■ **Records for this task**

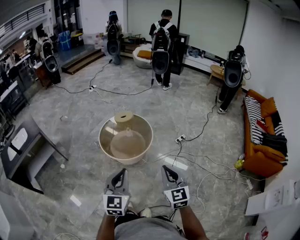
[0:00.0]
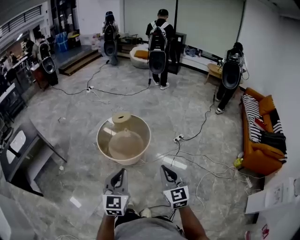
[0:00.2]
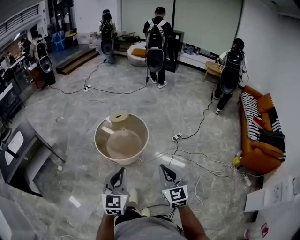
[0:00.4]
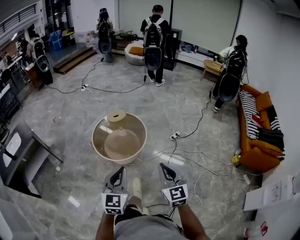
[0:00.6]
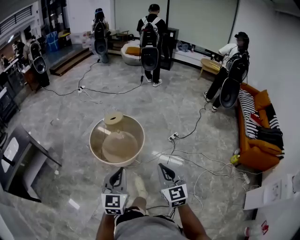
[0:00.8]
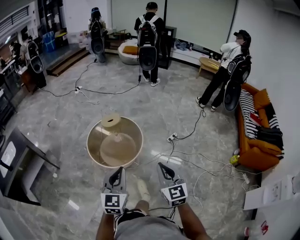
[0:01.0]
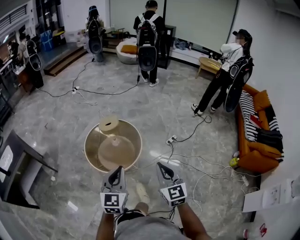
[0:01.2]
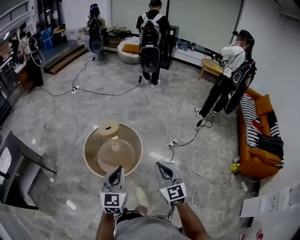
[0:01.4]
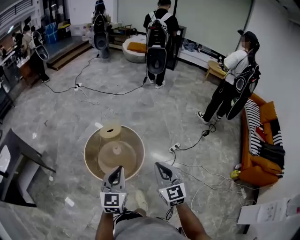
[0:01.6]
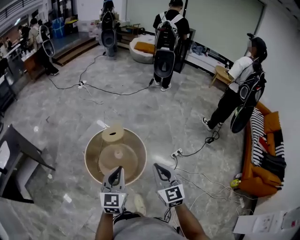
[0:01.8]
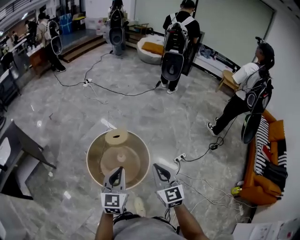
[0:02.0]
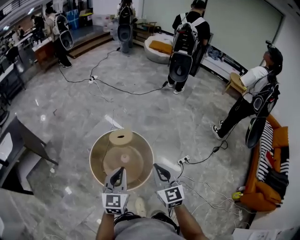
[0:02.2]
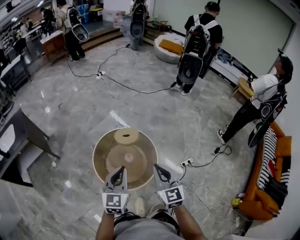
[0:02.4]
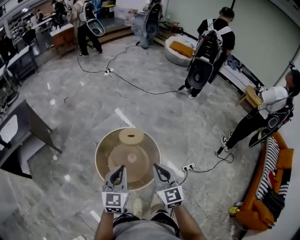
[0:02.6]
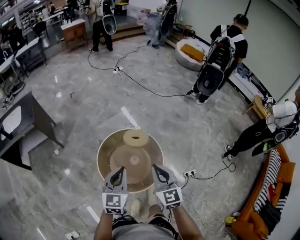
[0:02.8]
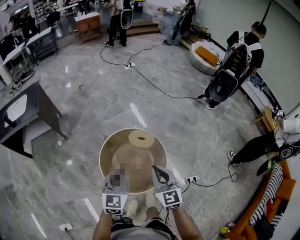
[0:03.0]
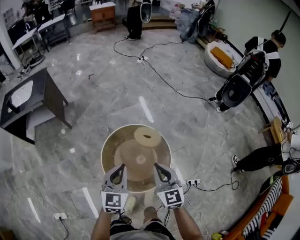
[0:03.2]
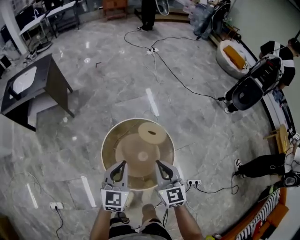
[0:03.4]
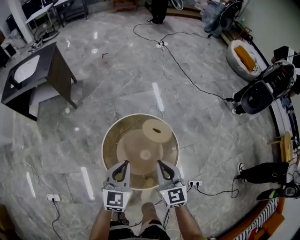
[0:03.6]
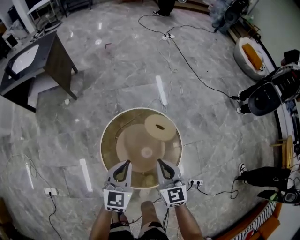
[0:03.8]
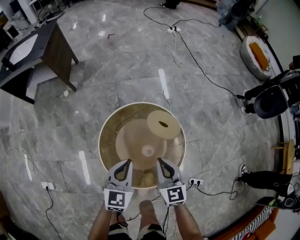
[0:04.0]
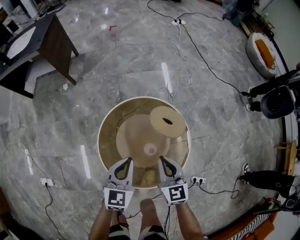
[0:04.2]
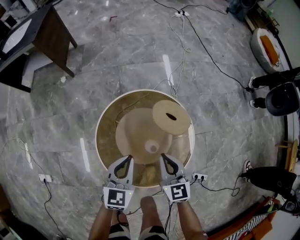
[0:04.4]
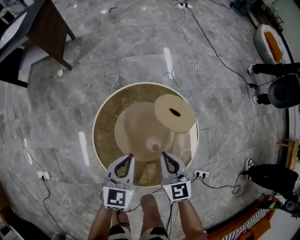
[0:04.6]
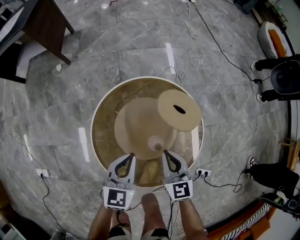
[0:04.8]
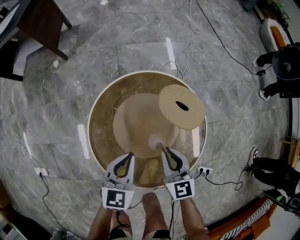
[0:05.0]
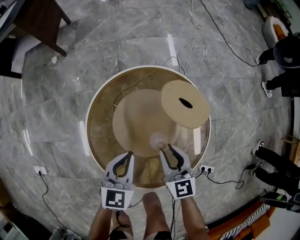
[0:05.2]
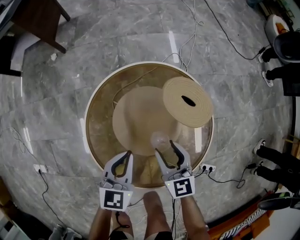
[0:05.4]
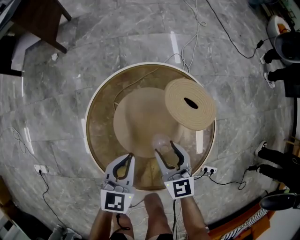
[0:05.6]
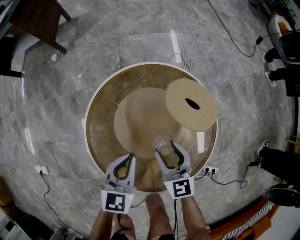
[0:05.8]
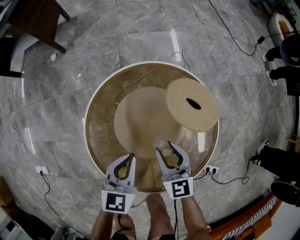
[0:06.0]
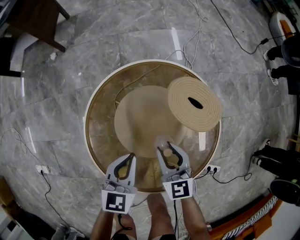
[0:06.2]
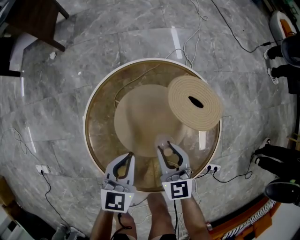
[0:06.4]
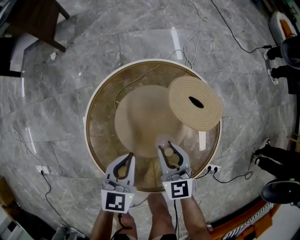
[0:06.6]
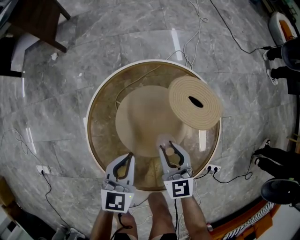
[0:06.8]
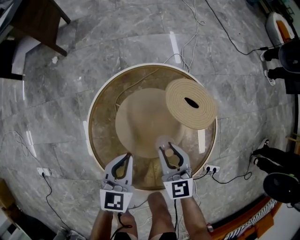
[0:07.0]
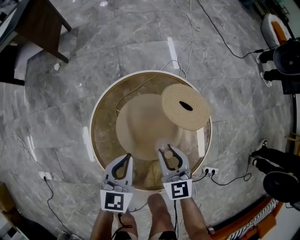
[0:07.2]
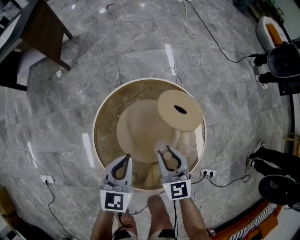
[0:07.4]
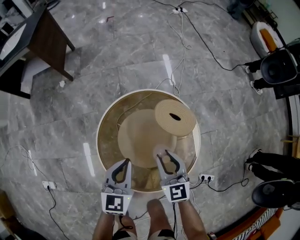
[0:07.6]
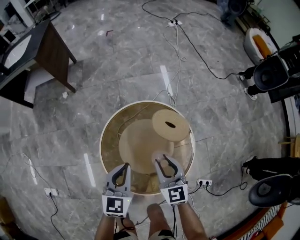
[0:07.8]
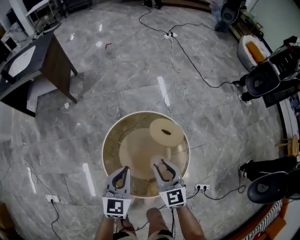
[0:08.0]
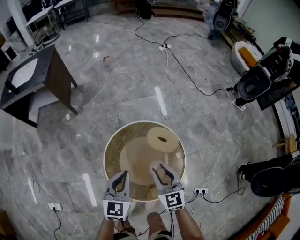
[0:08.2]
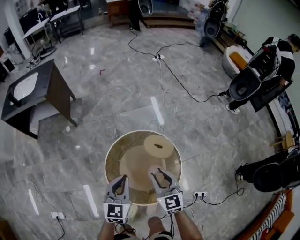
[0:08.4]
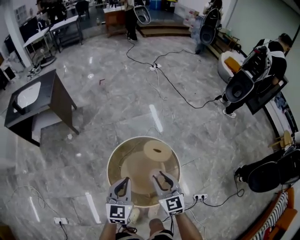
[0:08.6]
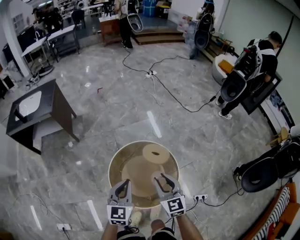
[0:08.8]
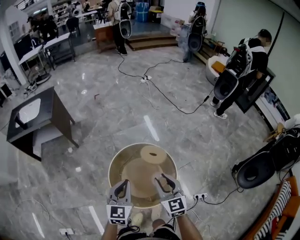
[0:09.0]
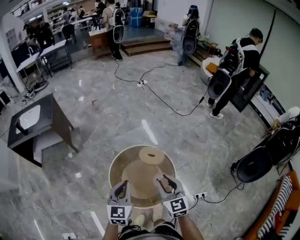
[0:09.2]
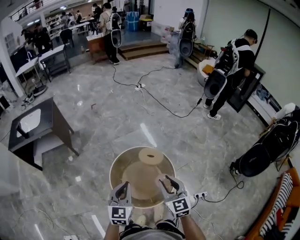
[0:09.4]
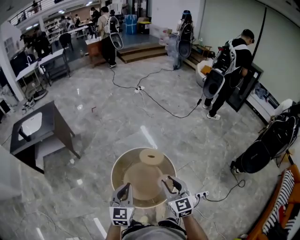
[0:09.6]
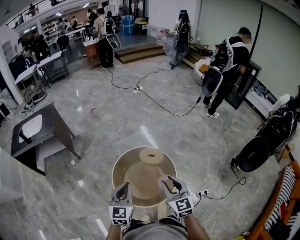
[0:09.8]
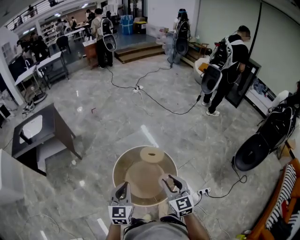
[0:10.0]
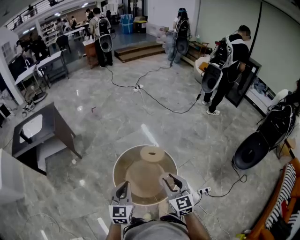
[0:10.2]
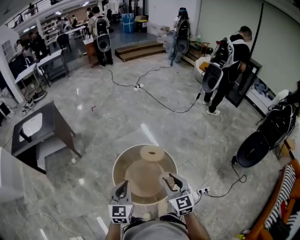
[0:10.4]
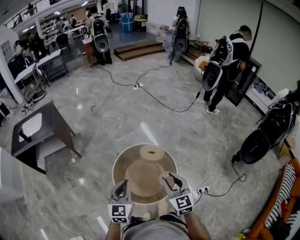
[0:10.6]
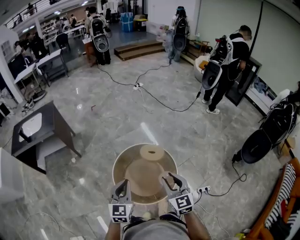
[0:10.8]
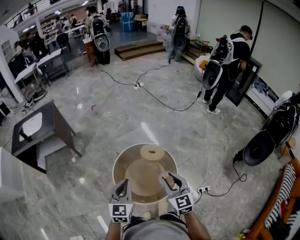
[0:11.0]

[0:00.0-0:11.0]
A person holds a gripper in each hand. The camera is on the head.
0:00.0 to 0:01.6: Both grippers travel together forward, roughly 30 cm.
0:01.6 to 0:03.2: The left gripper changes place by approximately 30 cm, and swivels about 30 degrees; the right gripper shifts by roughly 35 cm, and changes its angle by some 40 degrees.
0:03.2 to 0:04.8: Both grippers move downward, about 40 cm. The left gripper swivels some 20 degrees, while the right gripper turns by about 20 degrees.
0:04.8 to 0:06.2: Both grippers move downward, roughly 10 cm. The right gripper opens.
0:06.2 to 0:07.8: Both grippers move upward, some 20 cm.
0:07.8 to 0:09.4: Both grippers move upward and backward, some 35 cm. The left gripper swivels some 20 degrees.
0:09.4 to 0:11.0: The grippers make only small movements.

■ **What is expected**
Repeat the data word for word, excluding any image.

■ **Output**
[0:00.0]
[0:00.2]
[0:00.4]
[0:00.6]
[0:00.8]
[0:01.0]
[0:01.2]
[0:01.4]
[0:01.6]
[0:01.8]
[0:02.0]
[0:02.2]
[0:02.4]
[0:02.6]
[0:02.8]
[0:03.0]
[0:03.2]
[0:03.4]
[0:03.6]
[0:03.8]
[0:04.0]
[0:04.2]
[0:04.4]
[0:04.6]
[0:04.8]
[0:05.0]
[0:05.2]
[0:05.4]
[0:05.6]
[0:05.8]
[0:06.0]
[0:06.2]
[0:06.4]
[0:06.6]
[0:06.8]
[0:07.0]
[0:07.2]
[0:07.4]
[0:07.6]
[0:07.8]
[0:08.0]
[0:08.2]
[0:08.4]
[0:08.6]
[0:08.8]
[0:09.0]
[0:09.2]
[0:09.4]
[0:09.6]
[0:09.8]
[0:10.0]
[0:10.2]
[0:10.4]
[0:10.6]
[0:10.8]
[0:11.0]

[0:00.0-0:11.0]
A person holds a gripper in each hand. The camera is on the head.
0:00.0 to 0:01.6: Both grippers travel together forward, roughly 30 cm.
0:01.6 to 0:03.2: The left gripper changes place by approximately 30 cm, and swivels about 30 degrees; the right gripper shifts by roughly 35 cm, and changes its angle by some 40 degrees.
0:03.2 to 0:04.8: Both grippers move downward, about 40 cm. The left gripper swivels some 20 degrees, while the right gripper turns by about 20 degrees.
0:04.8 to 0:06.2: Both grippers move downward, roughly 10 cm. The right gripper opens.
0:06.2 to 0:07.8: Both grippers move upward, some 20 cm.
0:07.8 to 0:09.4: Both grippers move upward and backward, some 35 cm. The left gripper swivels some 20 degrees.
0:09.4 to 0:11.0: The grippers make only small movements.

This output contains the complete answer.